Another important factor is the density of the CO2, which is defined by the pressure and temperature conditions within the storage formation and by the purity of the CO2. Since CO2 has a lower density than the water in the pores, it starts to move upward after being injected. Thus the most important requirement for storage is a layer of barrier rock, for instance salt or clay, that acts as a seal. The shape of the storage formation and the cap rock determines the maximum permissible storage pressures. Anticlinal formations (arches) are advantageous for storage because they can be used as natural traps where the CO2 collects, as if under a bell.

Schematic of large CO2 sources and potential CO2 storage reservoirs in Germany

The injected CO2 displaces some of the formation water that is present in the rock.
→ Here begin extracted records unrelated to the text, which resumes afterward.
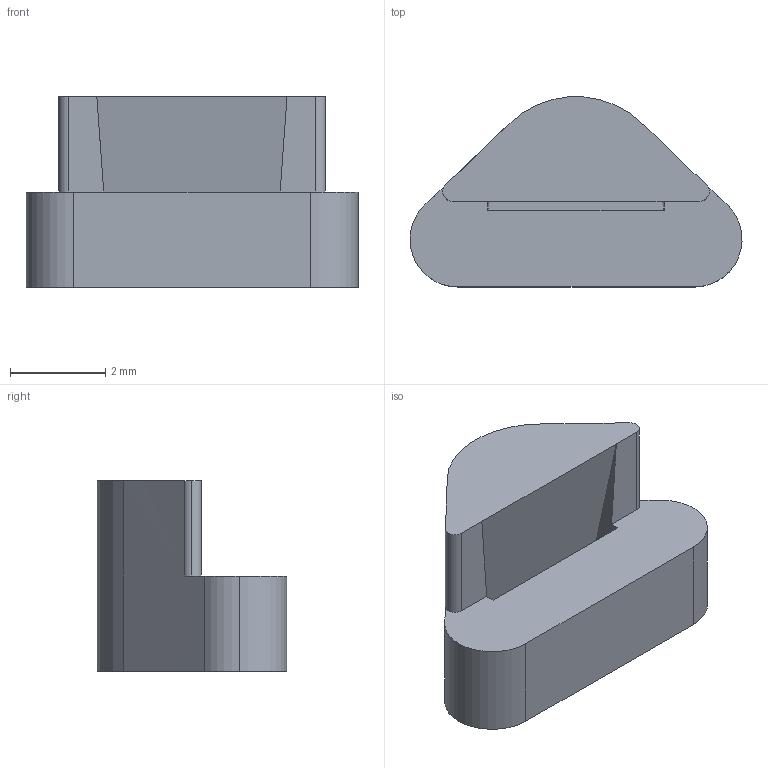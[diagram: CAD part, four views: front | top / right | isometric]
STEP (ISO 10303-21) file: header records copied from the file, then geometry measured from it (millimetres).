
FILE_DESCRIPTION (( 'STEP AP214' ), '1' );
FILE_NAME ('limitcover.STEP', '2025-01-31T20:15:31', ( '' ), ( '' ), 'SwSTEP 2.0', 'SolidWorks 2023', '' );
FILE_SCHEMA (( 'AUTOMOTIVE_DESIGN' ));
Length unit declared in the file: millimetre
Products named in the file (1): limitcover
Bounding box: 6.98 x 3.99 x 4 mm (x, y, z)
Volume: 53.7 mm3; surface area: 118.4 mm2
Topology: 1 solids, 1 shells, 20 faces, 52 edges, 34 vertices
Faces by surface type: plane 11, cylinder 9
Entity records: 643 total; most frequent: DIRECTION 114, CARTESIAN_POINT 107, ORIENTED_EDGE 104, EDGE_CURVE 52, AXIS2_PLACEMENT_3D 41, VERTEX_POINT 34, LINE 32, VECTOR 32
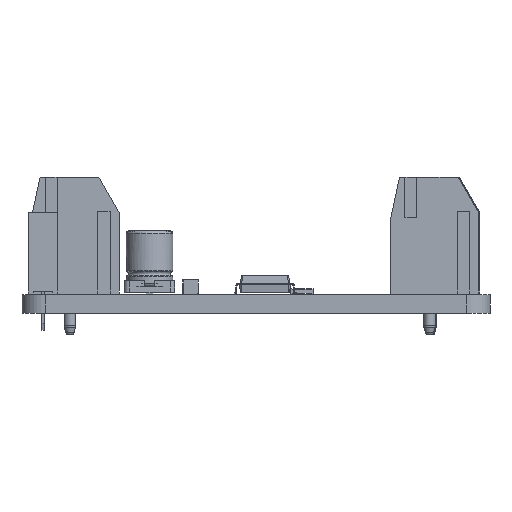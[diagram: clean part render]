
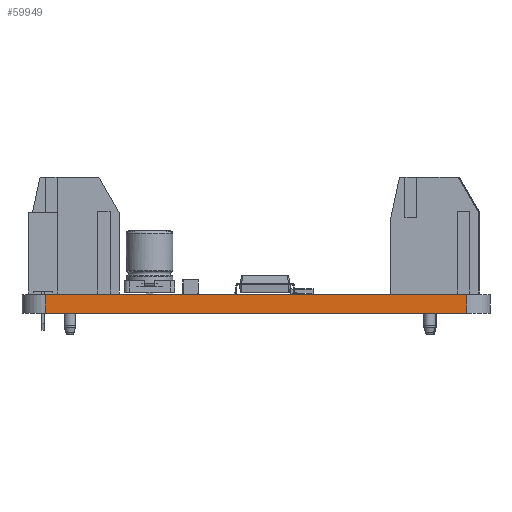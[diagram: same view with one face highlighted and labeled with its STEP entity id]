
A CAD part, front view. The second image highlights one B-rep face of the part: STEP entity #59949.
In plain terms, the highlighted planar face has unit normal (0, -1, 0).
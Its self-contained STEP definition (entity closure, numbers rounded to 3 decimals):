
#55225 = CYLINDRICAL_SURFACE('',#55226,2.);
#55226 = AXIS2_PLACEMENT_3D('',#55227,#55228,#55229);
#55227 = CARTESIAN_POINT('',(18.,-33.,0.));
#55228 = DIRECTION('',(-0.,-0.,-1.));
#55229 = DIRECTION('',(1.,0.,-0.));
#55253 = PLANE('',#55254);
#55254 = AXIS2_PLACEMENT_3D('',#55255,#55256,#55257);
#55255 = CARTESIAN_POINT('',(0.,0.,1.6)
  );
#55256 = DIRECTION('',(0.,0.,1.));
#55257 = DIRECTION('',(1.,0.,-0.));
#55307 = PLANE('',#55308);
#55308 = AXIS2_PLACEMENT_3D('',#55309,#55310,#55311);
#55309 = CARTESIAN_POINT('',(0.,0.,0.));
#55310 = DIRECTION('',(0.,0.,1.));
#55311 = DIRECTION('',(1.,0.,-0.));
#55322 = EDGE_CURVE('',#55323,#55325,#55327,.T.);
#55323 = VERTEX_POINT('',#55324);
#55324 = CARTESIAN_POINT('',(18.,-35.,0.));
#55325 = VERTEX_POINT('',#55326);
#55326 = CARTESIAN_POINT('',(18.,-35.,1.6));
#55327 = SURFACE_CURVE('',#55328,(#55332,#55339),.PCURVE_S1.);
#55328 = LINE('',#55329,#55330);
#55329 = CARTESIAN_POINT('',(18.,-35.,0.));
#55330 = VECTOR('',#55331,1.);
#55331 = DIRECTION('',(0.,0.,1.));
#55332 = PCURVE('',#55225,#55333);
#55333 = DEFINITIONAL_REPRESENTATION('',(#55334),#55338);
#55334 = LINE('',#55335,#55336);
#55335 = CARTESIAN_POINT('',(-4.712,0.));
#55336 = VECTOR('',#55337,1.);
#55337 = DIRECTION('',(-0.,-1.));
#55338 = ( GEOMETRIC_REPRESENTATION_CONTEXT(2) 
PARAMETRIC_REPRESENTATION_CONTEXT() REPRESENTATION_CONTEXT('2D SPACE',''
  ) );
#55339 = PCURVE('',#55340,#55345);
#55340 = PLANE('',#55341);
#55341 = AXIS2_PLACEMENT_3D('',#55342,#55343,#55344);
#55342 = CARTESIAN_POINT('',(-18.,-35.,0.));
#55343 = DIRECTION('',(0.,1.,0.));
#55344 = DIRECTION('',(1.,0.,0.));
#55345 = DEFINITIONAL_REPRESENTATION('',(#55346),#55350);
#55346 = LINE('',#55347,#55348);
#55347 = CARTESIAN_POINT('',(36.,0.));
#55348 = VECTOR('',#55349,1.);
#55349 = DIRECTION('',(0.,-1.));
#55350 = ( GEOMETRIC_REPRESENTATION_CONTEXT(2) 
PARAMETRIC_REPRESENTATION_CONTEXT() REPRESENTATION_CONTEXT('2D SPACE',''
  ) );
#55561 = VERTEX_POINT('',#55562);
#55562 = CARTESIAN_POINT('',(-18.,-35.,0.));
#55577 = CYLINDRICAL_SURFACE('',#55578,2.);
#55578 = AXIS2_PLACEMENT_3D('',#55579,#55580,#55581);
#55579 = CARTESIAN_POINT('',(-18.,-33.,0.));
#55580 = DIRECTION('',(-0.,-0.,-1.));
#55581 = DIRECTION('',(1.,0.,-0.));
#55589 = EDGE_CURVE('',#55561,#55323,#55590,.T.);
#55590 = SURFACE_CURVE('',#55591,(#55595,#55602),.PCURVE_S1.);
#55591 = LINE('',#55592,#55593);
#55592 = CARTESIAN_POINT('',(-18.,-35.,0.));
#55593 = VECTOR('',#55594,1.);
#55594 = DIRECTION('',(1.,0.,0.));
#55595 = PCURVE('',#55307,#55596);
#55596 = DEFINITIONAL_REPRESENTATION('',(#55597),#55601);
#55597 = LINE('',#55598,#55599);
#55598 = CARTESIAN_POINT('',(-18.,-35.));
#55599 = VECTOR('',#55600,1.);
#55600 = DIRECTION('',(1.,0.));
#55601 = ( GEOMETRIC_REPRESENTATION_CONTEXT(2) 
PARAMETRIC_REPRESENTATION_CONTEXT() REPRESENTATION_CONTEXT('2D SPACE',''
  ) );
#55602 = PCURVE('',#55340,#55603);
#55603 = DEFINITIONAL_REPRESENTATION('',(#55604),#55608);
#55604 = LINE('',#55605,#55606);
#55605 = CARTESIAN_POINT('',(0.,0.));
#55606 = VECTOR('',#55607,1.);
#55607 = DIRECTION('',(1.,0.));
#55608 = ( GEOMETRIC_REPRESENTATION_CONTEXT(2) 
PARAMETRIC_REPRESENTATION_CONTEXT() REPRESENTATION_CONTEXT('2D SPACE',''
  ) );
#57981 = VERTEX_POINT('',#57982);
#57982 = CARTESIAN_POINT('',(-18.,-35.,1.6));
#58004 = EDGE_CURVE('',#57981,#55325,#58005,.T.);
#58005 = SURFACE_CURVE('',#58006,(#58010,#58017),.PCURVE_S1.);
#58006 = LINE('',#58007,#58008);
#58007 = CARTESIAN_POINT('',(-18.,-35.,1.6));
#58008 = VECTOR('',#58009,1.);
#58009 = DIRECTION('',(1.,0.,0.));
#58010 = PCURVE('',#55253,#58011);
#58011 = DEFINITIONAL_REPRESENTATION('',(#58012),#58016);
#58012 = LINE('',#58013,#58014);
#58013 = CARTESIAN_POINT('',(-18.,-35.));
#58014 = VECTOR('',#58015,1.);
#58015 = DIRECTION('',(1.,0.));
#58016 = ( GEOMETRIC_REPRESENTATION_CONTEXT(2) 
PARAMETRIC_REPRESENTATION_CONTEXT() REPRESENTATION_CONTEXT('2D SPACE',''
  ) );
#58017 = PCURVE('',#55340,#58018);
#58018 = DEFINITIONAL_REPRESENTATION('',(#58019),#58023);
#58019 = LINE('',#58020,#58021);
#58020 = CARTESIAN_POINT('',(0.,-1.6));
#58021 = VECTOR('',#58022,1.);
#58022 = DIRECTION('',(1.,0.));
#58023 = ( GEOMETRIC_REPRESENTATION_CONTEXT(2) 
PARAMETRIC_REPRESENTATION_CONTEXT() REPRESENTATION_CONTEXT('2D SPACE',''
  ) );
#59949 = ADVANCED_FACE('',(#59950),#55340,.F.);
#59950 = FACE_BOUND('',#59951,.F.);
#59951 = EDGE_LOOP('',(#59952,#59973,#59974,#59975));
#59952 = ORIENTED_EDGE('',*,*,#59953,.T.);
#59953 = EDGE_CURVE('',#55561,#57981,#59954,.T.);
#59954 = SURFACE_CURVE('',#59955,(#59959,#59966),.PCURVE_S1.);
#59955 = LINE('',#59956,#59957);
#59956 = CARTESIAN_POINT('',(-18.,-35.,0.));
#59957 = VECTOR('',#59958,1.);
#59958 = DIRECTION('',(0.,0.,1.));
#59959 = PCURVE('',#55340,#59960);
#59960 = DEFINITIONAL_REPRESENTATION('',(#59961),#59965);
#59961 = LINE('',#59962,#59963);
#59962 = CARTESIAN_POINT('',(0.,0.));
#59963 = VECTOR('',#59964,1.);
#59964 = DIRECTION('',(0.,-1.));
#59965 = ( GEOMETRIC_REPRESENTATION_CONTEXT(2) 
PARAMETRIC_REPRESENTATION_CONTEXT() REPRESENTATION_CONTEXT('2D SPACE',''
  ) );
#59966 = PCURVE('',#55577,#59967);
#59967 = DEFINITIONAL_REPRESENTATION('',(#59968),#59972);
#59968 = LINE('',#59969,#59970);
#59969 = CARTESIAN_POINT('',(-4.712,0.));
#59970 = VECTOR('',#59971,1.);
#59971 = DIRECTION('',(-0.,-1.));
#59972 = ( GEOMETRIC_REPRESENTATION_CONTEXT(2) 
PARAMETRIC_REPRESENTATION_CONTEXT() REPRESENTATION_CONTEXT('2D SPACE',''
  ) );
#59973 = ORIENTED_EDGE('',*,*,#58004,.T.);
#59974 = ORIENTED_EDGE('',*,*,#55322,.F.);
#59975 = ORIENTED_EDGE('',*,*,#55589,.F.);

It also interacts with the various materials in the reservoir (liquids, gases and rock).
New mineral formations, binding the CO2 in small pores and dissolving the CO2 in the existing saline formation water all create possible retention mechanisms that can bind the CO2 in the long term.


Above all, it is important to know where and to what extent there are appropriate storage capacities, and where natural or anthropogenic disruptions (e.g. drilling) must be taken into consideration. To this end, the Bundesanstalt für Geowissenschaften und Rohstoffe (German Federal Institute for Geosciences and Natural Resources, BGR) founded an initiative in 2008 in close cooperation with the official state geological services (Catalogue of Storage Capacities in Germany).
By far the greatest potential for deep geological CO2 storage in Germany is in the North German Plain (see ill. at right). Reaching across all of northern Germany, it is extremely significant for the geotechnical and energetic use of the deeper underground level (Geotechnologies Science Report, 2009).